For those channels that have understood that their survival depends on streaming and OTT, the battle is not only technological but also cultural. Very present in Europe, public broadcasters also want to make their voices heard and protect their free model while responding to the injunctions of economic balance from their shareholders – the states. It goes without saying that this is a systemic issue unmatched by any recent media revolution.

Delphine Ernotte, president of France Télévisions, said in her 2020 start-of-the-school-year conference: “Our goal this year is to bring digital technology from the periphery to the center of our organization, of our concerns, and of our offers, so that we can share our values with everyone, everywhere.” Because it is indeed a fight for value that is being played out – the fight between media for all and media for one.

Digital and the OTT revolution are influenced by several factors, which affect both content distribution and personalization and, therefore, the use of data. The largest platforms understand this and have invested massively in transforming the traditional mass media model towards individualization and direct access, becoming de-facto community and niche aggregates in the process. In so doing, they’ve rendered general public offers obsolete. They spread their vision of inclusion by the smallest minority rather than by the largest majority, as was the case for a long time in television: between 3 p.m. and 4 p.m., I will no longer speak to four million housewives under 50 but to Paul who loves documentaries on sport, Milène who watches fantasy series after midnight, or Martin who binges on the same episode of Star Wars over and over. We are therefore no longer talking about editorialized program schedule, which was the longstanding alpha and omega of television and radio channels. Rather, we are talking about the non-linear distribution of content on a web platform; one that is open to everyone and designed to adapt to each moment of the viewers’ lives.

Data is the essential lever for switching from a mass-media model to an individualized, customer experience model.

Faced with this new paradigm, how can public audiovisual players reinvent the editorial mission that is, after all, their trademark? Part of the answer lies in the profound transformation of how data is used, which makes it possible to considerably improve audiences’ and individuals’ knowledge, well beyond traditional tools such as Médiamétrie. By data, we mean a clever mix of big data (usage, connection times, type of consumption) collected via web and mobile platforms, as well as thick data (socio-cultural behavior, CSP, center of interest) that are based on panels and external sociological analyses. Handling all this data requires efficient technological tools and adapted organizations.

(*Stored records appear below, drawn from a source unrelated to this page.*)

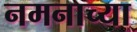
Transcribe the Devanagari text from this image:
नमनाच्या
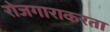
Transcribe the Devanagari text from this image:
रोजगाराकरता
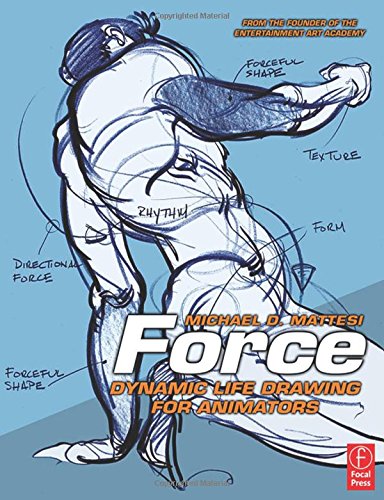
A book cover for Force: Dynamic Life Drawing for Animators (Force Drawing Series); Mike Mattesi; Comics & Graphic Novels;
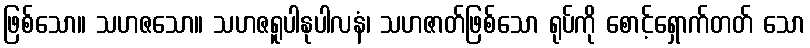
ဖြစ်သော။ သဟဇသော။ သဟဇရူပါနုပါလနံ၊ သဟဇာတ်ဖြစ်သော ရုပ်ကို စောင့်ရှောက်တတ် သော
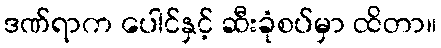
ဒဏ်ရာက ပေါင်နှင့် ဆီးခုံစပ်မှာ ထိတာ။
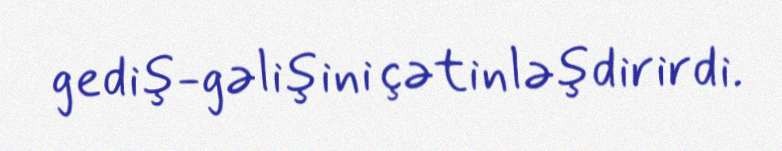
gediş-gəlişini çətinləşdirirdi.
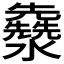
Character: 𤄳
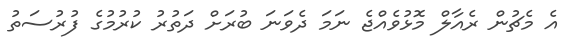
އެ މެޗުން ރެއާލް މޮޅުވެއްޖެ ނަމަ ދެވަަނަ ބުރަށް ދަތުރު ކުރުމުގެ ފުރުސަތު
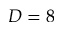
D = 8
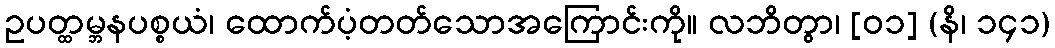
ဥပတ္ထမ္ဘနပစ္စယံ၊ ထောက်ပံ့တတ်သောအကြောင်းကို။ လဘိတွာ၊ [၀၁] (နိ၊ ၁၄၁)
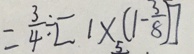
= \frac { 3 } { 4 } \div [ 1 \times ( 1 - \frac { 3 } { 8 } ) ]
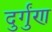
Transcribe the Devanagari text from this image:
दुर्गुंण
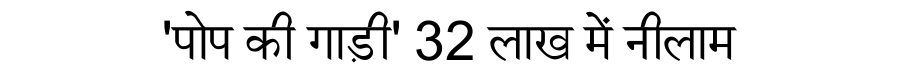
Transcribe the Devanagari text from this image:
'पोप की गाड़ी' 32 लाख में नीलाम
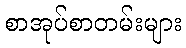
စာအုပ်စာတမ်းများ
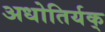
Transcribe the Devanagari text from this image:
अधोतिर्यक्‌
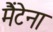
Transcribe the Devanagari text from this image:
मैंटेना
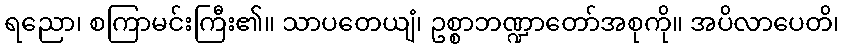
ရညော၊ စကြာမင်းကြီး၏။ သာပတေယျံ၊ ဥစ္စာဘဏ္ဍာတော်အစုကို။ အပိလာပေတိ၊

Human and editorial intelligence can be enhanced with AI models to help decision making, but to have rich and usable data you need information about subscription and the customer journey, something that the public media OTT platforms have been reluctant to do, preferring instead to leave the choice of access open to all. The transformation is therefore somewhat contradictory: media for all, but also media for one. Not to mention the complexity of the economic model these channels maintain, according to which they must remain free. But for how long?

In her 2018 report on the role of public broadcasting, Senator Catherine Morin Dessailly summarized the issue: “This mission (of the public media) includes universality as it applies to territorial coverage, the diversification of programs in order to reach all audiences, and maximum accessibility through free services.” She added: “Delinearization, in particular, favors a demand policy that is based on self-service to the detriment of an offer policy structured by specifications. Public broadcasters are aware of the digital issue, but they are slow to adapt to it.”

An expansion of the public sphere on a European scale: The good students

It is interesting to note that, since 2018, things have started to move forward and public actors are finally learning their lesson, probably pushed by Netflix or Disney+, which have left their mark on the European audiovisual landscape. Public broadcasters have increased their initiatives and embarked on their digital transformation journeys. Platformization is under way, for example that of Arte, which no longer just “replays” content but also offers a real platform with original content. Nevertheless, this platformization is not just a renunciation of Arte’s values which, lest we forget us, has a double public-service mission – culture and Franco-German cooperation. As Bruno Patino, president of Arte, argues: “We are sure that we will need a long time to get out of these choppy waters. We give ourselves time to develop a program, then give the viewer time. We are not after permanent over-solicitation. What we are looking for is affinity with our audience.”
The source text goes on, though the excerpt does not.